**What you need to do**
Where the data below begins, start duplicating lines exactly, and finish with the line containing "Q: Which block"; add nothing else. Leave the pictures out.
•••••
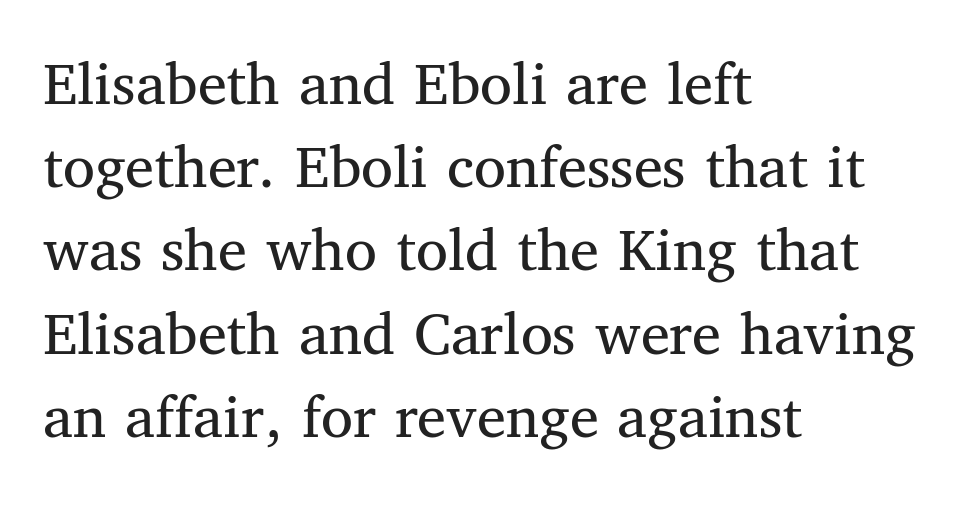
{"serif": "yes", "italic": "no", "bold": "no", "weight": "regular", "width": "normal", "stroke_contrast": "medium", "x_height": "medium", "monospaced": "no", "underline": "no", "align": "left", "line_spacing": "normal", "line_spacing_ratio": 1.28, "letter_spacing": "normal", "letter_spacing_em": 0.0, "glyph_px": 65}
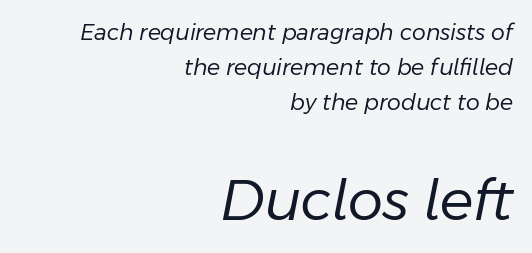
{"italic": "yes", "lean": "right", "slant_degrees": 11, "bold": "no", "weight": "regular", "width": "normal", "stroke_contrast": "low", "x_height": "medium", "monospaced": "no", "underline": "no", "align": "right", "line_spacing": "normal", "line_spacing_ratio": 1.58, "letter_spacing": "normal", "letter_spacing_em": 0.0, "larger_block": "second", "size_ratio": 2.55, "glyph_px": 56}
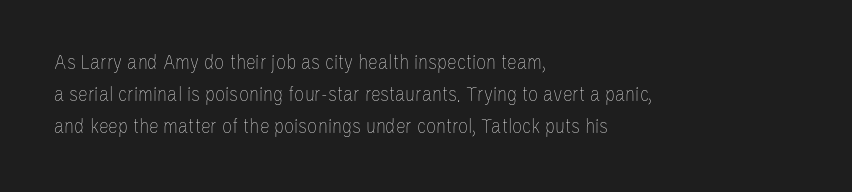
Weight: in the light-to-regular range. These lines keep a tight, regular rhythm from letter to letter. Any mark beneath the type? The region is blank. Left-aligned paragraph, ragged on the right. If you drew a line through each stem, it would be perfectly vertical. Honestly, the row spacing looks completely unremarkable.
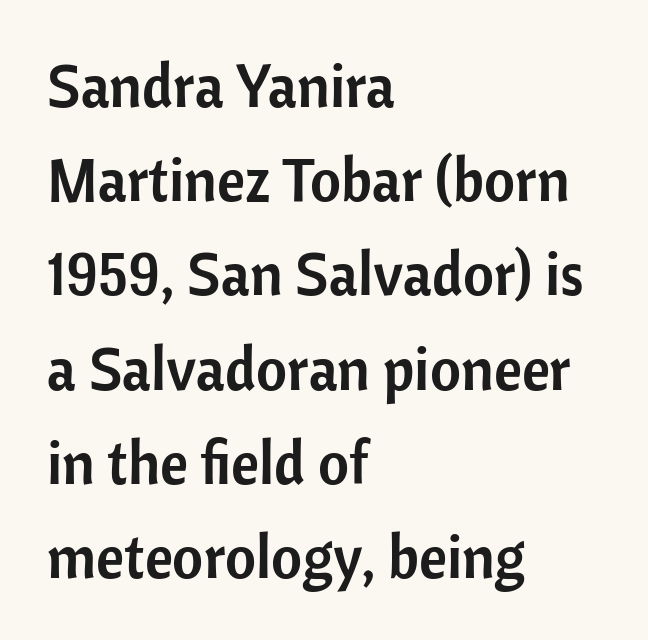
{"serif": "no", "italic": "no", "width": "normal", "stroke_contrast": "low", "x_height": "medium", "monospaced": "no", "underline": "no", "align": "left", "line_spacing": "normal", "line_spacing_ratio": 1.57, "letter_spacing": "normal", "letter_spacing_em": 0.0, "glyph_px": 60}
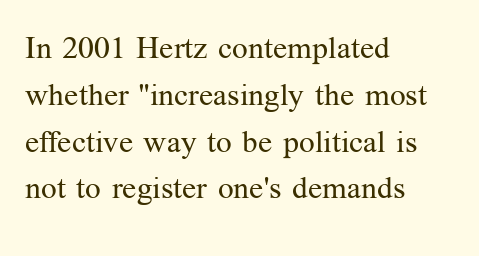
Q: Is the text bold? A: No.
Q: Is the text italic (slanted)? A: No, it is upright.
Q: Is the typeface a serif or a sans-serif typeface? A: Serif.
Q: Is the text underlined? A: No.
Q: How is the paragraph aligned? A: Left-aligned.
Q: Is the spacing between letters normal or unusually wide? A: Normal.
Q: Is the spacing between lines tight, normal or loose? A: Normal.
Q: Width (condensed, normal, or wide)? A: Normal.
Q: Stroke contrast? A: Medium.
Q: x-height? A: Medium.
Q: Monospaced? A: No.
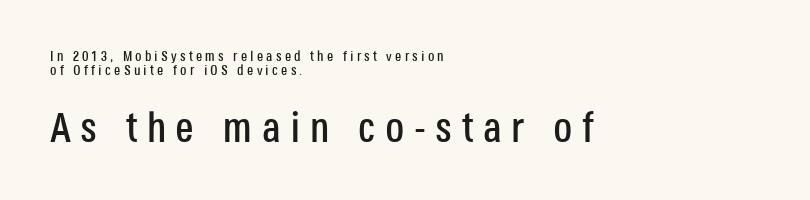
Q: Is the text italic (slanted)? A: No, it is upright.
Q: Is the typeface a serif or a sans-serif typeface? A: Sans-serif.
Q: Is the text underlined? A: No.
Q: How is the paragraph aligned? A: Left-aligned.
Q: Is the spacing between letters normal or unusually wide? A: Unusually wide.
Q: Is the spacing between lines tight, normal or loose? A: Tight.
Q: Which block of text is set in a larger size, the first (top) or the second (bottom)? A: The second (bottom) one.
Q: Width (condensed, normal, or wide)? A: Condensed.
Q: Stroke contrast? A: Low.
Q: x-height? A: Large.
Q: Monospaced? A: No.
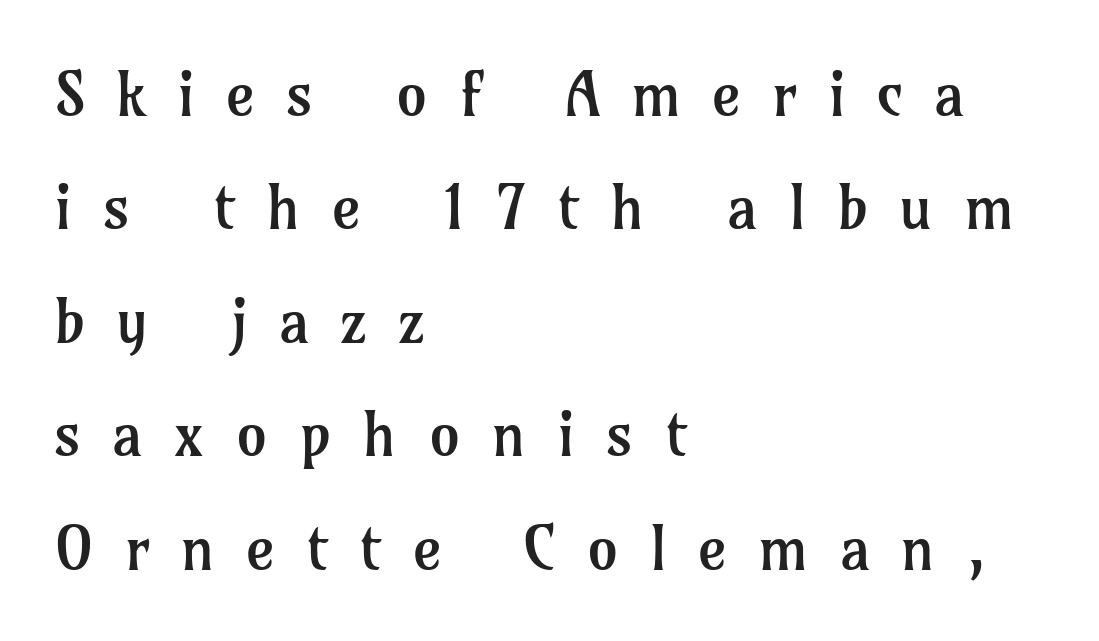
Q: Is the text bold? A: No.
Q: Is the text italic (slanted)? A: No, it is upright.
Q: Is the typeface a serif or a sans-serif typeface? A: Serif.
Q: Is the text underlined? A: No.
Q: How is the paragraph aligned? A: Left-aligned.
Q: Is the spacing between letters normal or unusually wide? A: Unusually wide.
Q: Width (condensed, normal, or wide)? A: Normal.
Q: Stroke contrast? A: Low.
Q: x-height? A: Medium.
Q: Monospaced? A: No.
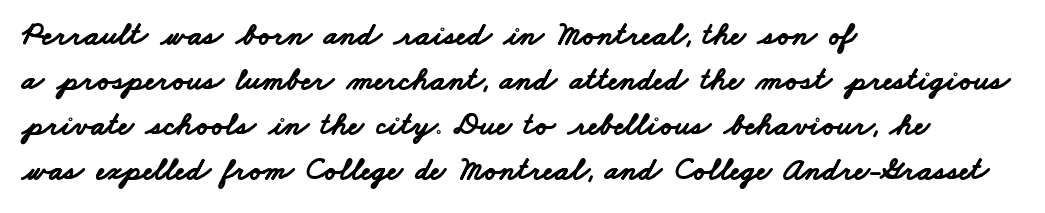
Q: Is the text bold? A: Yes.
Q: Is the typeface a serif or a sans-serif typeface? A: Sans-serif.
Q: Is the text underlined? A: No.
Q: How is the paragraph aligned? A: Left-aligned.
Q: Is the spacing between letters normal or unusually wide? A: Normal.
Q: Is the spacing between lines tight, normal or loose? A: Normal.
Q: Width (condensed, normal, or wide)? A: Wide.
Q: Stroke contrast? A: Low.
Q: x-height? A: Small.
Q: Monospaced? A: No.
•••••
**Task response**
{"serif": "yes", "italic": "no", "bold": "no", "weight": "regular", "width": "normal", "stroke_contrast": "medium", "x_height": "medium", "monospaced": "no", "underline": "no", "align": "left", "line_spacing": "normal", "line_spacing_ratio": 1.28, "letter_spacing": "normal", "letter_spacing_em": 0.0, "glyph_px": 65}
{"italic": "yes", "lean": "right", "slant_degrees": 11, "bold": "no", "weight": "regular", "width": "normal", "stroke_contrast": "low", "x_height": "medium", "monospaced": "no", "underline": "no", "align": "right", "line_spacing": "normal", "line_spacing_ratio": 1.58, "letter_spacing": "normal", "letter_spacing_em": 0.0, "larger_block": "second", "size_ratio": 2.55, "glyph_px": 56}
Weight: in the light-to-regular range. These lines keep a tight, regular rhythm from letter to letter. Any mark beneath the type? The region is blank. Left-aligned paragraph, ragged on the right. If you drew a line through each stem, it would be perfectly vertical. Honestly, the row spacing looks completely unremarkable.
{"serif": "no", "italic": "no", "width": "normal", "stroke_contrast": "low", "x_height": "medium", "monospaced": "no", "underline": "no", "align": "left", "line_spacing": "normal", "line_spacing_ratio": 1.57, "letter_spacing": "normal", "letter_spacing_em": 0.0, "glyph_px": 60}
Q: Is the text bold? A: No.
Q: Is the text italic (slanted)? A: No, it is upright.
Q: Is the typeface a serif or a sans-serif typeface? A: Serif.
Q: Is the text underlined? A: No.
Q: How is the paragraph aligned? A: Left-aligned.
Q: Is the spacing between letters normal or unusually wide? A: Normal.
Q: Is the spacing between lines tight, normal or loose? A: Normal.
Q: Width (condensed, normal, or wide)? A: Normal.
Q: Stroke contrast? A: Medium.
Q: x-height? A: Medium.
Q: Monospaced? A: No.
Q: Is the text italic (slanted)? A: No, it is upright.
Q: Is the typeface a serif or a sans-serif typeface? A: Sans-serif.
Q: Is the text underlined? A: No.
Q: How is the paragraph aligned? A: Left-aligned.
Q: Is the spacing between letters normal or unusually wide? A: Unusually wide.
Q: Is the spacing between lines tight, normal or loose? A: Tight.
Q: Which block of text is set in a larger size, the first (top) or the second (bottom)? A: The second (bottom) one.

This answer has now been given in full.